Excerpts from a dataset
==================================================
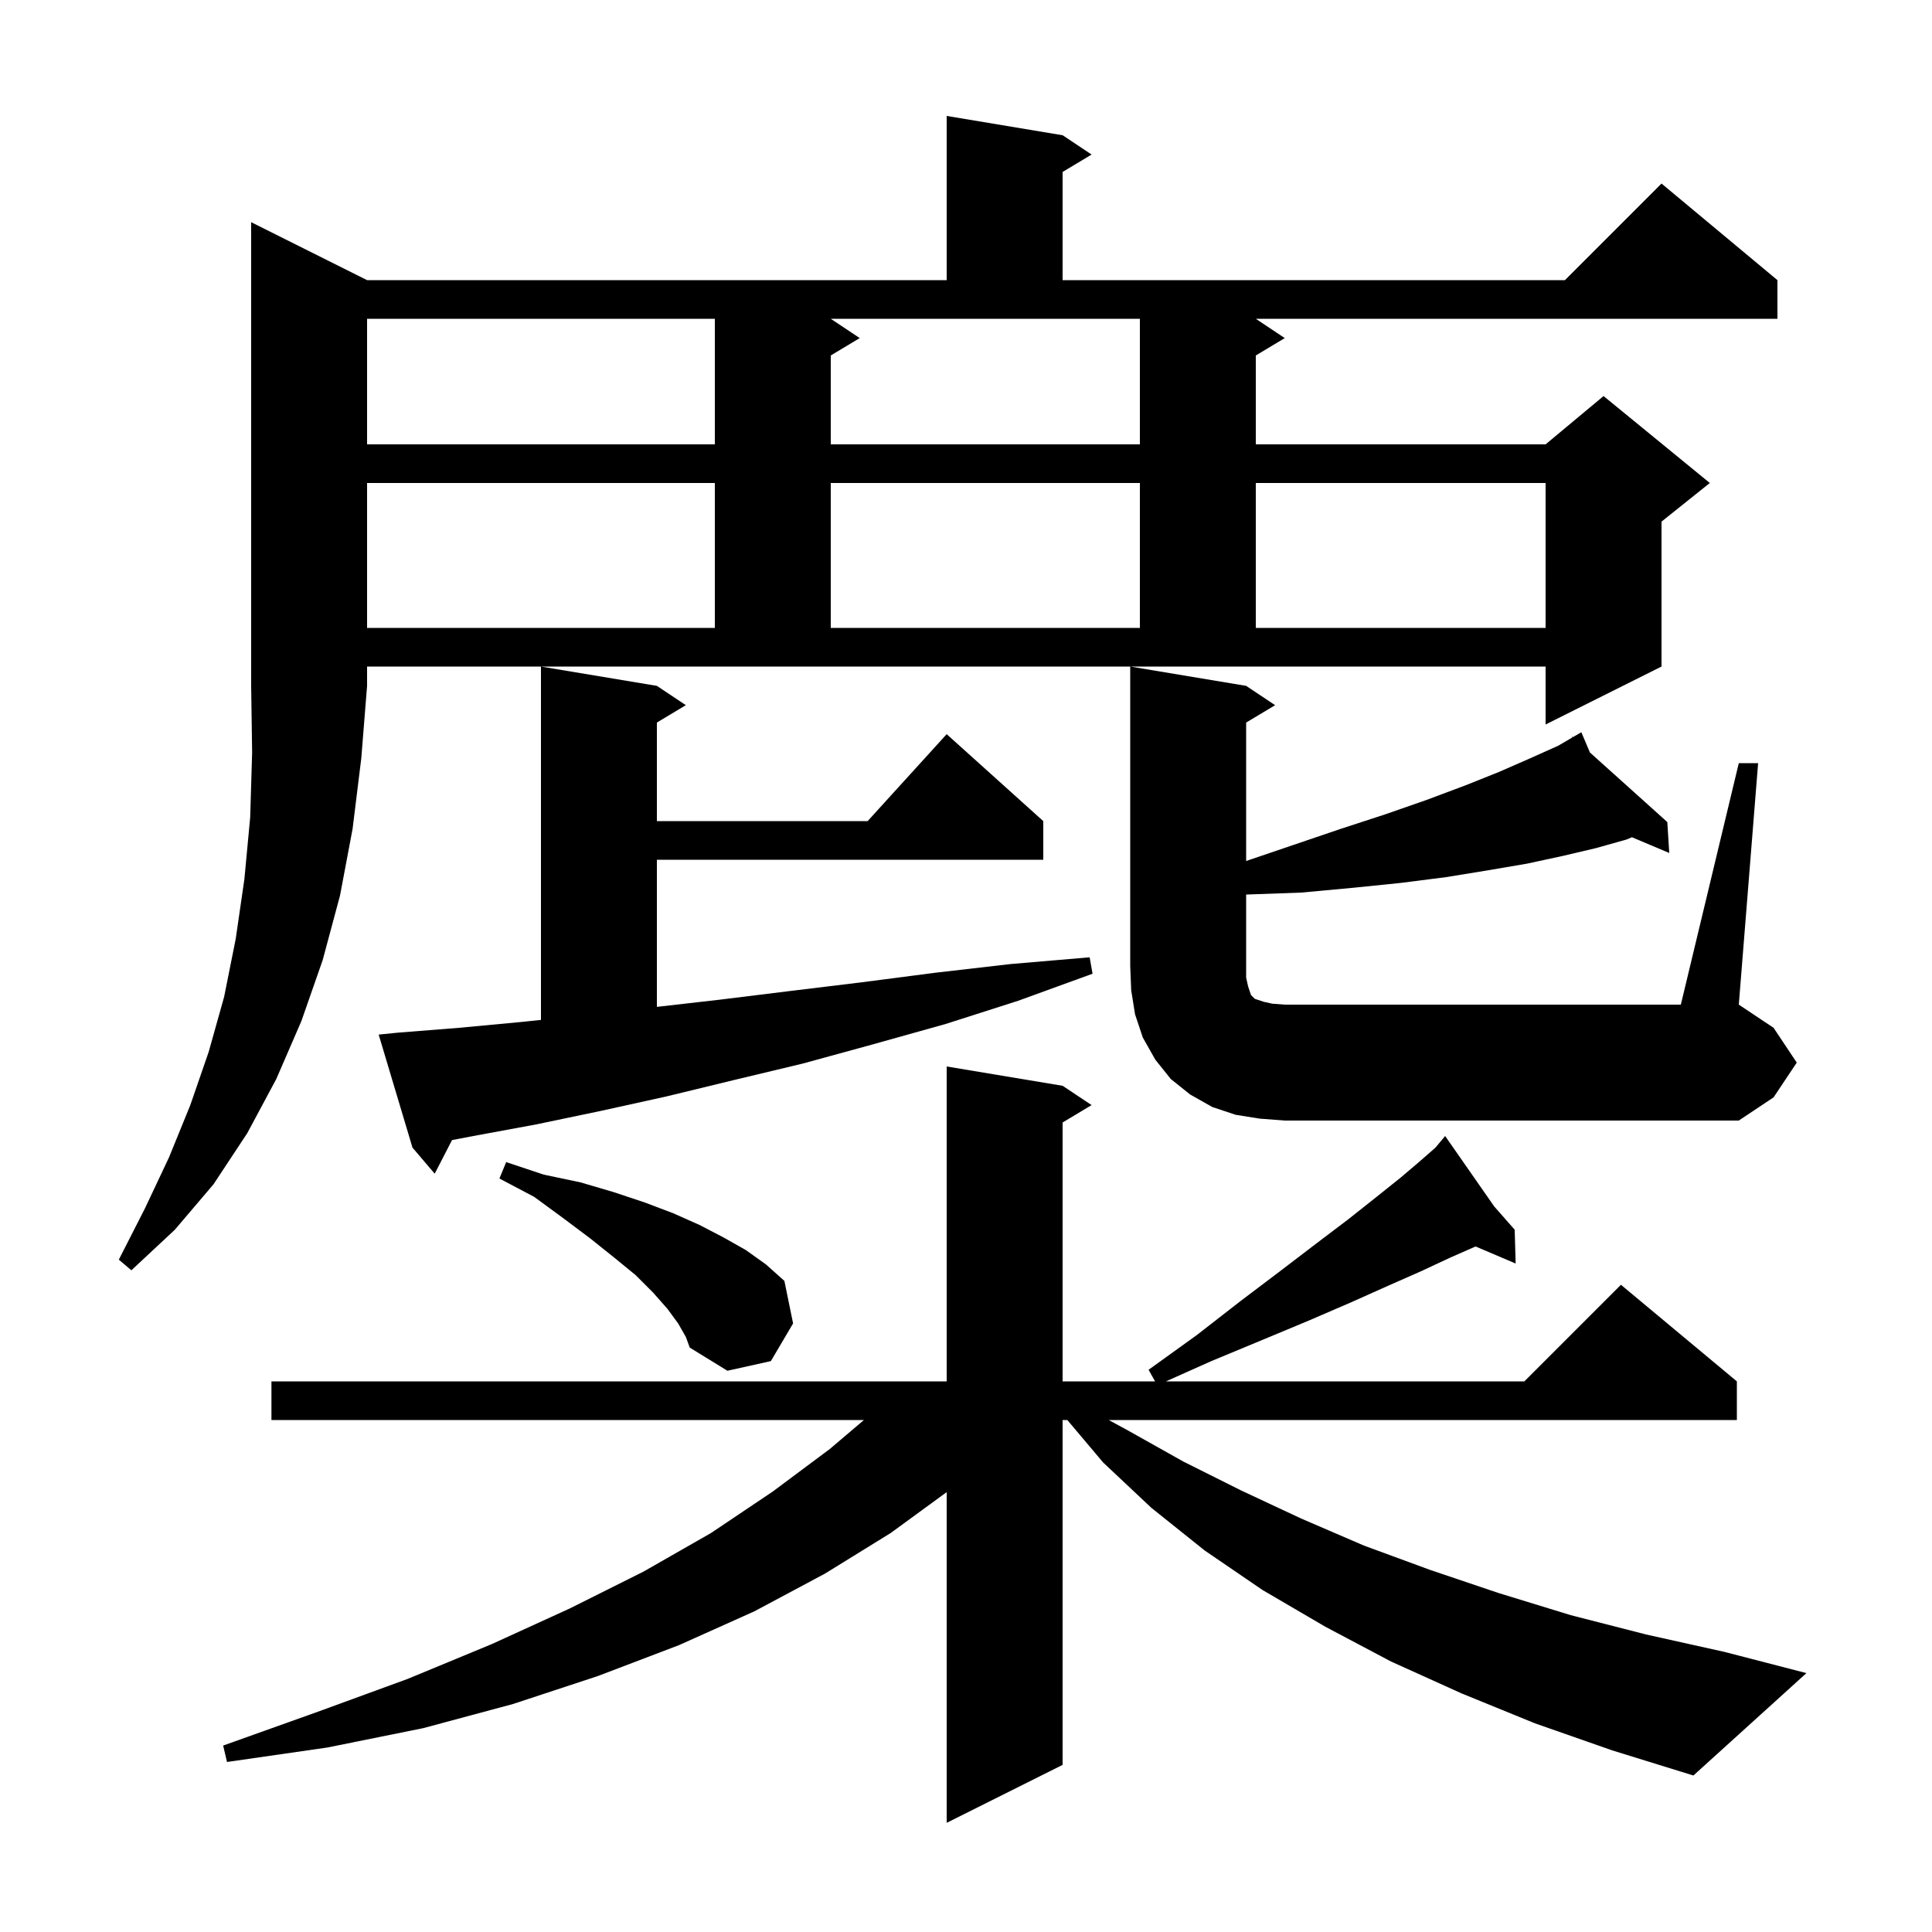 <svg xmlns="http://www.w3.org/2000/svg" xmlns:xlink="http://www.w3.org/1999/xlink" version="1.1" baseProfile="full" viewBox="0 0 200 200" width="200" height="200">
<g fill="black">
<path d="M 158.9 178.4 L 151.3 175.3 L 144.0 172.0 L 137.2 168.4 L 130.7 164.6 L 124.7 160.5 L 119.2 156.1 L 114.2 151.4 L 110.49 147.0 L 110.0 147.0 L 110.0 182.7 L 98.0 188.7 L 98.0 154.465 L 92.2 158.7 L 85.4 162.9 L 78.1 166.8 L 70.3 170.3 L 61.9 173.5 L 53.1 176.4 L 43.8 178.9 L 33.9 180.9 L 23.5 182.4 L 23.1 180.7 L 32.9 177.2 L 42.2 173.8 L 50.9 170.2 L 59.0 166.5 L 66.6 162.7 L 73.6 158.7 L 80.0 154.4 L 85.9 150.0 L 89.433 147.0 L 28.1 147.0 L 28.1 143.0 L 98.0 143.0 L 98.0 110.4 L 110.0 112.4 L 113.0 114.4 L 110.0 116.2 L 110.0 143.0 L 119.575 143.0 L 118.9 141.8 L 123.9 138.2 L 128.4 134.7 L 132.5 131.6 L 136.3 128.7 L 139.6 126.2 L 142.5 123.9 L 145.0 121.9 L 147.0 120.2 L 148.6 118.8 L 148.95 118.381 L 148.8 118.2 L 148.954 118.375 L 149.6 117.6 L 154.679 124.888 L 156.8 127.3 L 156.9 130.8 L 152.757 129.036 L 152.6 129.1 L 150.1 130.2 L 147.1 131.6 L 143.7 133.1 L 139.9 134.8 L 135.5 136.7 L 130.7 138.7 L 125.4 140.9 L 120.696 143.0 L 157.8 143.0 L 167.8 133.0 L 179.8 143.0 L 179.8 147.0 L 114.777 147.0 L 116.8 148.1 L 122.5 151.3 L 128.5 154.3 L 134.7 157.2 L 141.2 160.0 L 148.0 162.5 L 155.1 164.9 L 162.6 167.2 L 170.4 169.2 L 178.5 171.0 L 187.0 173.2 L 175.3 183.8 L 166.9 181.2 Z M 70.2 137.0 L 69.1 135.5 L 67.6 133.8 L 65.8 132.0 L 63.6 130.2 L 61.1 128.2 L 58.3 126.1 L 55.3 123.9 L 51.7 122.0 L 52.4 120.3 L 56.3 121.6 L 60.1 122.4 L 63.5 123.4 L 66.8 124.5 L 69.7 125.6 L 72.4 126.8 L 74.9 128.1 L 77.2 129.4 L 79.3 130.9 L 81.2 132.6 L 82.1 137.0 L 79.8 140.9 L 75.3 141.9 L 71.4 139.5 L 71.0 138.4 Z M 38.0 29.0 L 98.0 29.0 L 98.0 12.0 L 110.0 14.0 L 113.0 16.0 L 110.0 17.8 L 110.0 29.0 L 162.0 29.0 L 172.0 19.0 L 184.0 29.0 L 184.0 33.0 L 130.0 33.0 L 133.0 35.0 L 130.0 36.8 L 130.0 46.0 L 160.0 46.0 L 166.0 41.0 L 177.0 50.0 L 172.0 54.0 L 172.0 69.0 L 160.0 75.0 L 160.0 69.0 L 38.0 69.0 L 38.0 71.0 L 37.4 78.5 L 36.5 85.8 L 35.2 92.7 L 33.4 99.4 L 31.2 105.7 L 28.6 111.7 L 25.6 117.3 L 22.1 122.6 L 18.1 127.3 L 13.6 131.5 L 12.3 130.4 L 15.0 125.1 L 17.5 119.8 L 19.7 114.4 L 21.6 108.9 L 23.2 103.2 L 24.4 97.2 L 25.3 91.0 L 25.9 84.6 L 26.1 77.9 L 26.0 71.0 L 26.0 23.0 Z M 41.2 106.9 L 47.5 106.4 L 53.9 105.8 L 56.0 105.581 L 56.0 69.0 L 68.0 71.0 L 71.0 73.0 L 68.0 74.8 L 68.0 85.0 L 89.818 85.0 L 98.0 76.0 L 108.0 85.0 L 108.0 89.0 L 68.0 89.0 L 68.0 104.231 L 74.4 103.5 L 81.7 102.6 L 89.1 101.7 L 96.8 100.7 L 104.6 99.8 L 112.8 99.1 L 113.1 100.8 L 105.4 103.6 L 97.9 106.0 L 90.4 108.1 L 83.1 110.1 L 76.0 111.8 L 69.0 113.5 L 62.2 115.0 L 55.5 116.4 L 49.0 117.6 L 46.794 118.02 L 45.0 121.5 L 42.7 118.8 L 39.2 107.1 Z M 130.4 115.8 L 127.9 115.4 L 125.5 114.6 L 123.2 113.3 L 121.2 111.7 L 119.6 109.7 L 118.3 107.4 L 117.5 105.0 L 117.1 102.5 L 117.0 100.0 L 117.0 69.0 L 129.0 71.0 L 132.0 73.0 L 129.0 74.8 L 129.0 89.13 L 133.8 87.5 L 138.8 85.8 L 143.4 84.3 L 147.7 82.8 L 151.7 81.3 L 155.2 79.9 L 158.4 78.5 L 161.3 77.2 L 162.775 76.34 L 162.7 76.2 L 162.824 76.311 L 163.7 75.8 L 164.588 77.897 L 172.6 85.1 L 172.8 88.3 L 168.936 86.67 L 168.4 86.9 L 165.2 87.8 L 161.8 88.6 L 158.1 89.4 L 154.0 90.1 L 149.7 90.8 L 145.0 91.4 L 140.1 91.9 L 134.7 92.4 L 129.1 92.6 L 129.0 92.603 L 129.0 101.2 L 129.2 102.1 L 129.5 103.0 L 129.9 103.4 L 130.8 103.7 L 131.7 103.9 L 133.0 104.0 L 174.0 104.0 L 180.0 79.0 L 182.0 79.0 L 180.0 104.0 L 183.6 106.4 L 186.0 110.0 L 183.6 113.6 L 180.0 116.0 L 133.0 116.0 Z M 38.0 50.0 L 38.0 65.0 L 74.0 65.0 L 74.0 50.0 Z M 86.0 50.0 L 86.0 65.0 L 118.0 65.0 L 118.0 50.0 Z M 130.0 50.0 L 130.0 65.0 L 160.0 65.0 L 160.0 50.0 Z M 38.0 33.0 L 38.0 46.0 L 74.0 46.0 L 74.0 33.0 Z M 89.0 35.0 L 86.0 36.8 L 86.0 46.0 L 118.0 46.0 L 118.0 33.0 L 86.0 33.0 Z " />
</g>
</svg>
==================================================
Without including any pictures, reproduce the data exactly.

__YOUR SOLUTION__
 <svg xmlns="http://www.w3.org/2000/svg" xmlns:xlink="http://www.w3.org/1999/xlink" version="1.1" baseProfile="full" viewBox="0 0 200 200" width="200" height="200">
<g fill="black">
<path d="M 158.9 178.4 L 151.3 175.3 L 144.0 172.0 L 137.2 168.4 L 130.7 164.6 L 124.7 160.5 L 119.2 156.1 L 114.2 151.4 L 110.49 147.0 L 110.0 147.0 L 110.0 182.7 L 98.0 188.7 L 98.0 154.465 L 92.2 158.7 L 85.4 162.9 L 78.1 166.8 L 70.3 170.3 L 61.9 173.5 L 53.1 176.4 L 43.8 178.9 L 33.9 180.9 L 23.5 182.4 L 23.1 180.7 L 32.9 177.2 L 42.2 173.8 L 50.9 170.2 L 59.0 166.5 L 66.6 162.7 L 73.6 158.7 L 80.0 154.4 L 85.9 150.0 L 89.433 147.0 L 28.1 147.0 L 28.1 143.0 L 98.0 143.0 L 98.0 110.4 L 110.0 112.4 L 113.0 114.4 L 110.0 116.2 L 110.0 143.0 L 119.575 143.0 L 118.9 141.8 L 123.9 138.2 L 128.4 134.7 L 132.5 131.6 L 136.3 128.7 L 139.6 126.2 L 142.5 123.9 L 145.0 121.9 L 147.0 120.2 L 148.6 118.8 L 148.95 118.381 L 148.8 118.2 L 148.954 118.375 L 149.6 117.6 L 154.679 124.888 L 156.8 127.3 L 156.9 130.8 L 152.757 129.036 L 152.6 129.1 L 150.1 130.2 L 147.1 131.6 L 143.7 133.1 L 139.9 134.8 L 135.5 136.7 L 130.7 138.7 L 125.4 140.9 L 120.696 143.0 L 157.8 143.0 L 167.8 133.0 L 179.8 143.0 L 179.8 147.0 L 114.777 147.0 L 116.8 148.1 L 122.5 151.3 L 128.5 154.3 L 134.7 157.2 L 141.2 160.0 L 148.0 162.5 L 155.1 164.9 L 162.6 167.2 L 170.4 169.2 L 178.5 171.0 L 187.0 173.2 L 175.3 183.8 L 166.9 181.2 Z M 70.2 137.0 L 69.1 135.5 L 67.6 133.8 L 65.8 132.0 L 63.6 130.2 L 61.1 128.2 L 58.3 126.1 L 55.3 123.9 L 51.7 122.0 L 52.4 120.3 L 56.3 121.6 L 60.1 122.4 L 63.5 123.4 L 66.8 124.5 L 69.7 125.6 L 72.4 126.8 L 74.9 128.1 L 77.2 129.4 L 79.3 130.9 L 81.2 132.6 L 82.1 137.0 L 79.8 140.9 L 75.3 141.9 L 71.4 139.5 L 71.0 138.4 Z M 38.0 29.0 L 98.0 29.0 L 98.0 12.0 L 110.0 14.0 L 113.0 16.0 L 110.0 17.8 L 110.0 29.0 L 162.0 29.0 L 172.0 19.0 L 184.0 29.0 L 184.0 33.0 L 130.0 33.0 L 133.0 35.0 L 130.0 36.8 L 130.0 46.0 L 160.0 46.0 L 166.0 41.0 L 177.0 50.0 L 172.0 54.0 L 172.0 69.0 L 160.0 75.0 L 160.0 69.0 L 38.0 69.0 L 38.0 71.0 L 37.4 78.5 L 36.5 85.8 L 35.2 92.7 L 33.4 99.4 L 31.2 105.7 L 28.6 111.7 L 25.6 117.3 L 22.1 122.6 L 18.1 127.3 L 13.6 131.5 L 12.3 130.4 L 15.0 125.1 L 17.5 119.8 L 19.7 114.4 L 21.6 108.9 L 23.2 103.2 L 24.4 97.2 L 25.3 91.0 L 25.9 84.6 L 26.1 77.9 L 26.0 71.0 L 26.0 23.0 Z M 41.2 106.9 L 47.5 106.4 L 53.9 105.8 L 56.0 105.581 L 56.0 69.0 L 68.0 71.0 L 71.0 73.0 L 68.0 74.8 L 68.0 85.0 L 89.818 85.0 L 98.0 76.0 L 108.0 85.0 L 108.0 89.0 L 68.0 89.0 L 68.0 104.231 L 74.4 103.5 L 81.7 102.6 L 89.1 101.7 L 96.8 100.7 L 104.6 99.8 L 112.8 99.1 L 113.1 100.8 L 105.4 103.6 L 97.9 106.0 L 90.4 108.1 L 83.1 110.1 L 76.0 111.8 L 69.0 113.5 L 62.2 115.0 L 55.5 116.4 L 49.0 117.6 L 46.794 118.02 L 45.0 121.5 L 42.7 118.8 L 39.2 107.1 Z M 130.4 115.8 L 127.9 115.4 L 125.5 114.6 L 123.2 113.3 L 121.2 111.7 L 119.6 109.7 L 118.3 107.4 L 117.5 105.0 L 117.1 102.5 L 117.0 100.0 L 117.0 69.0 L 129.0 71.0 L 132.0 73.0 L 129.0 74.8 L 129.0 89.13 L 133.8 87.5 L 138.8 85.8 L 143.4 84.3 L 147.7 82.8 L 151.7 81.3 L 155.2 79.9 L 158.4 78.5 L 161.3 77.2 L 162.775 76.34 L 162.7 76.2 L 162.824 76.311 L 163.7 75.8 L 164.588 77.897 L 172.6 85.1 L 172.8 88.3 L 168.936 86.67 L 168.4 86.9 L 165.2 87.8 L 161.8 88.6 L 158.1 89.4 L 154.0 90.1 L 149.7 90.8 L 145.0 91.4 L 140.1 91.9 L 134.7 92.4 L 129.1 92.6 L 129.0 92.603 L 129.0 101.2 L 129.2 102.1 L 129.5 103.0 L 129.9 103.4 L 130.8 103.7 L 131.7 103.9 L 133.0 104.0 L 174.0 104.0 L 180.0 79.0 L 182.0 79.0 L 180.0 104.0 L 183.6 106.4 L 186.0 110.0 L 183.6 113.6 L 180.0 116.0 L 133.0 116.0 Z M 38.0 50.0 L 38.0 65.0 L 74.0 65.0 L 74.0 50.0 Z M 86.0 50.0 L 86.0 65.0 L 118.0 65.0 L 118.0 50.0 Z M 130.0 50.0 L 130.0 65.0 L 160.0 65.0 L 160.0 50.0 Z M 38.0 33.0 L 38.0 46.0 L 74.0 46.0 L 74.0 33.0 Z M 89.0 35.0 L 86.0 36.8 L 86.0 46.0 L 118.0 46.0 L 118.0 33.0 L 86.0 33.0 Z " />
</g>
</svg>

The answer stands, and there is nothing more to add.